France's top administrative court has confirmed the six-month closure of the Grand Mosque of Pantin after it published a video denouncing history teacher Samuel Paty for showing cartoons of the Prophet Mohammed, which lead to his decapitation in a street near his school.
The judgement from the Council of State confirms an earlier court ruling, after the request by the Interior Ministry.
The Muslim Federation of Pantin, which manages the Pantin mosque, appealed to France's highest administrative court in October after it was ordered to close for six months.
The organisation's president M'hammed Henniche on Monday pleaded for the sanction to be shortened.
'Violence, hatred and discrimination'
But in a statement, the Council of State declared the closure justified.
The presiding judge criticised the video published on the Grand Mosque of Pantin's Facebook page on 9 October. In it, the father of a student from the primary school in Conflans-Sainte-Honorine, northwest of Paris, expressed anger against history teacher Samuel Paty, whom he named, for his class on freedom of expression, in which he showed cartoons depicting the prophet Mohammed.
The judge said the video featured remarks that could provoke "violence, hate and discrimination", which, according to Article L227-1 of France's Internal Security Law, justifies the closure of a religious site.
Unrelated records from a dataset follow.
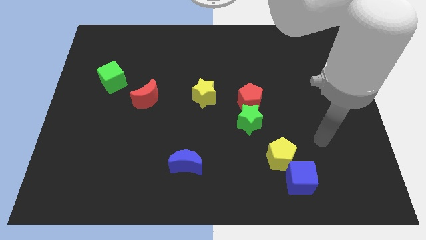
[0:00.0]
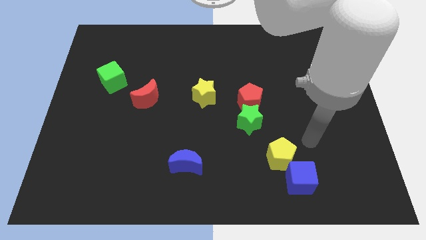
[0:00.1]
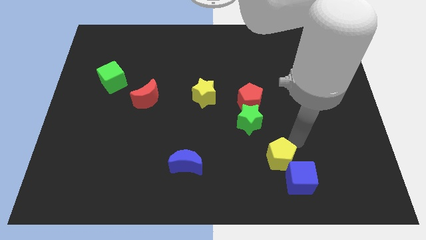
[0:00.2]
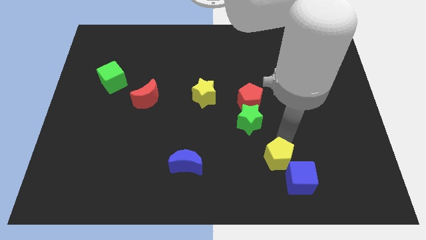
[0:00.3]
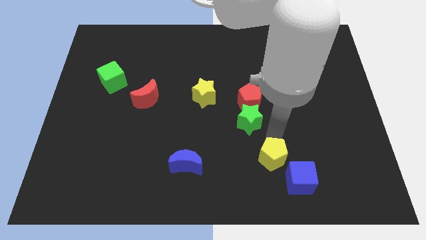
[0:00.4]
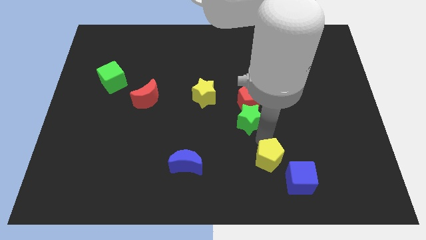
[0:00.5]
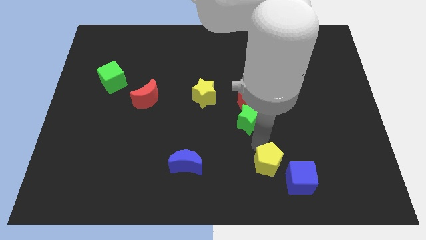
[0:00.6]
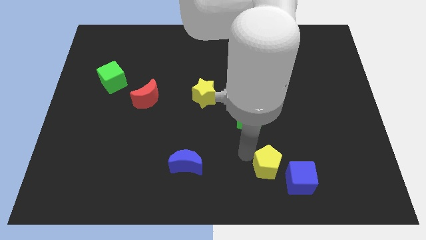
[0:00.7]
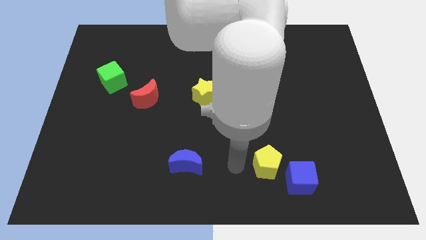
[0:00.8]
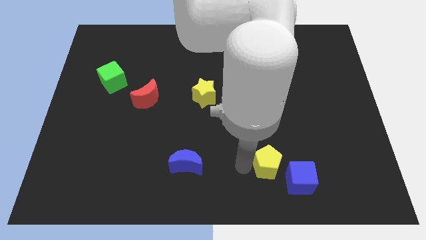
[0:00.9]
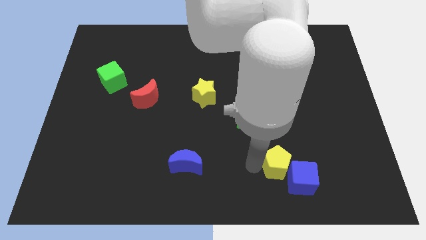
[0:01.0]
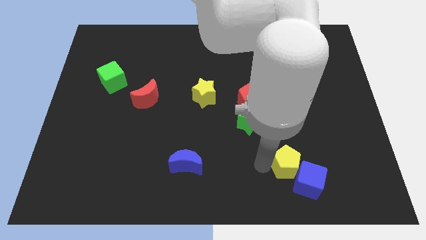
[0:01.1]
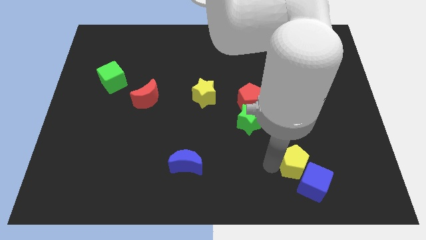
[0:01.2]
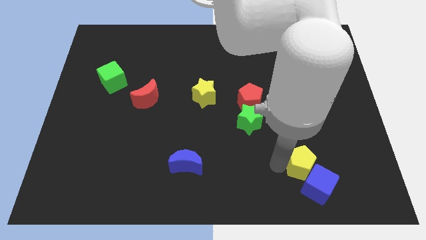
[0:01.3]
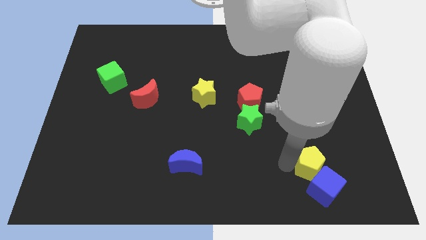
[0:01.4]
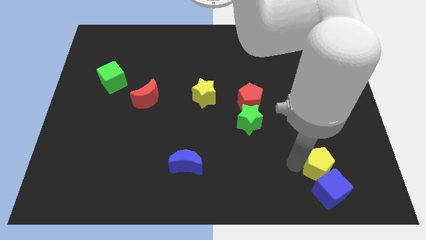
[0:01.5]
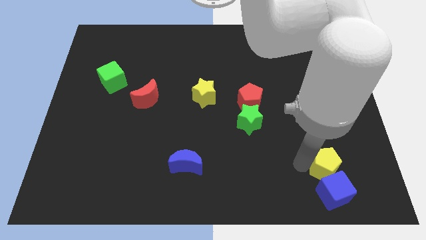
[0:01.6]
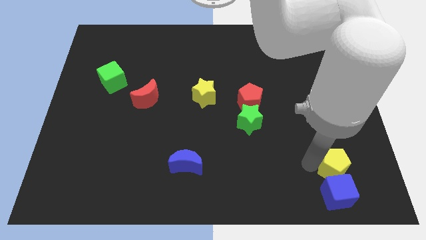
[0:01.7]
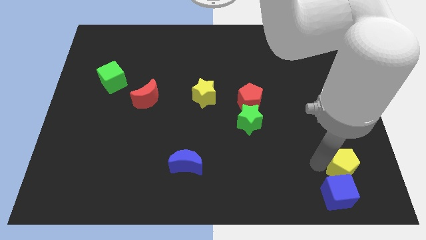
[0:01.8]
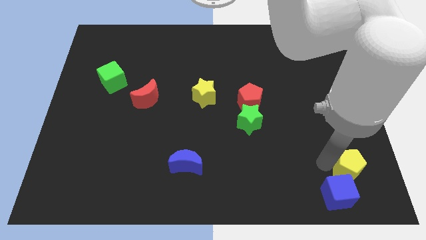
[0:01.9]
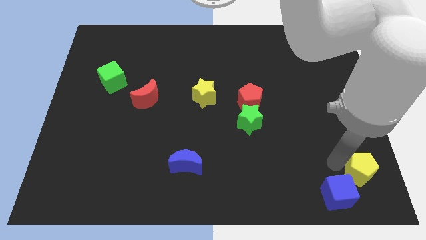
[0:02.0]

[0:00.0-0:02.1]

One week after the video was posted, Paty was decapitated near the school.
The judge accused the mosque's imam of being involved in "radical Islamist activities" in the Greater Paris region, saying he was trained in a fundamentalist institute in Yemen, and that his sermons were broadcast on a website known to publish Salafist fatwas of Saudi sheiks.
BarakaCity ban upheld
Other arguments to keep the mosque closed involved allegations that the site had become a gathering place for individuals with "radical ideas".
The judge said the Muslim Federation of Pantin could request the mosque could request its reopening "when it has taken measures aimed at preventing a repetition of the dysfunctions noted", to be demonstrated in the choice of imam and monitoring the public and social networks it controls.
In a parellel ruling, the Council of State upheld the dissolution of the BarakaCity association, a Muslim charity that was also accused of inciting "hatred, violence and discrimination".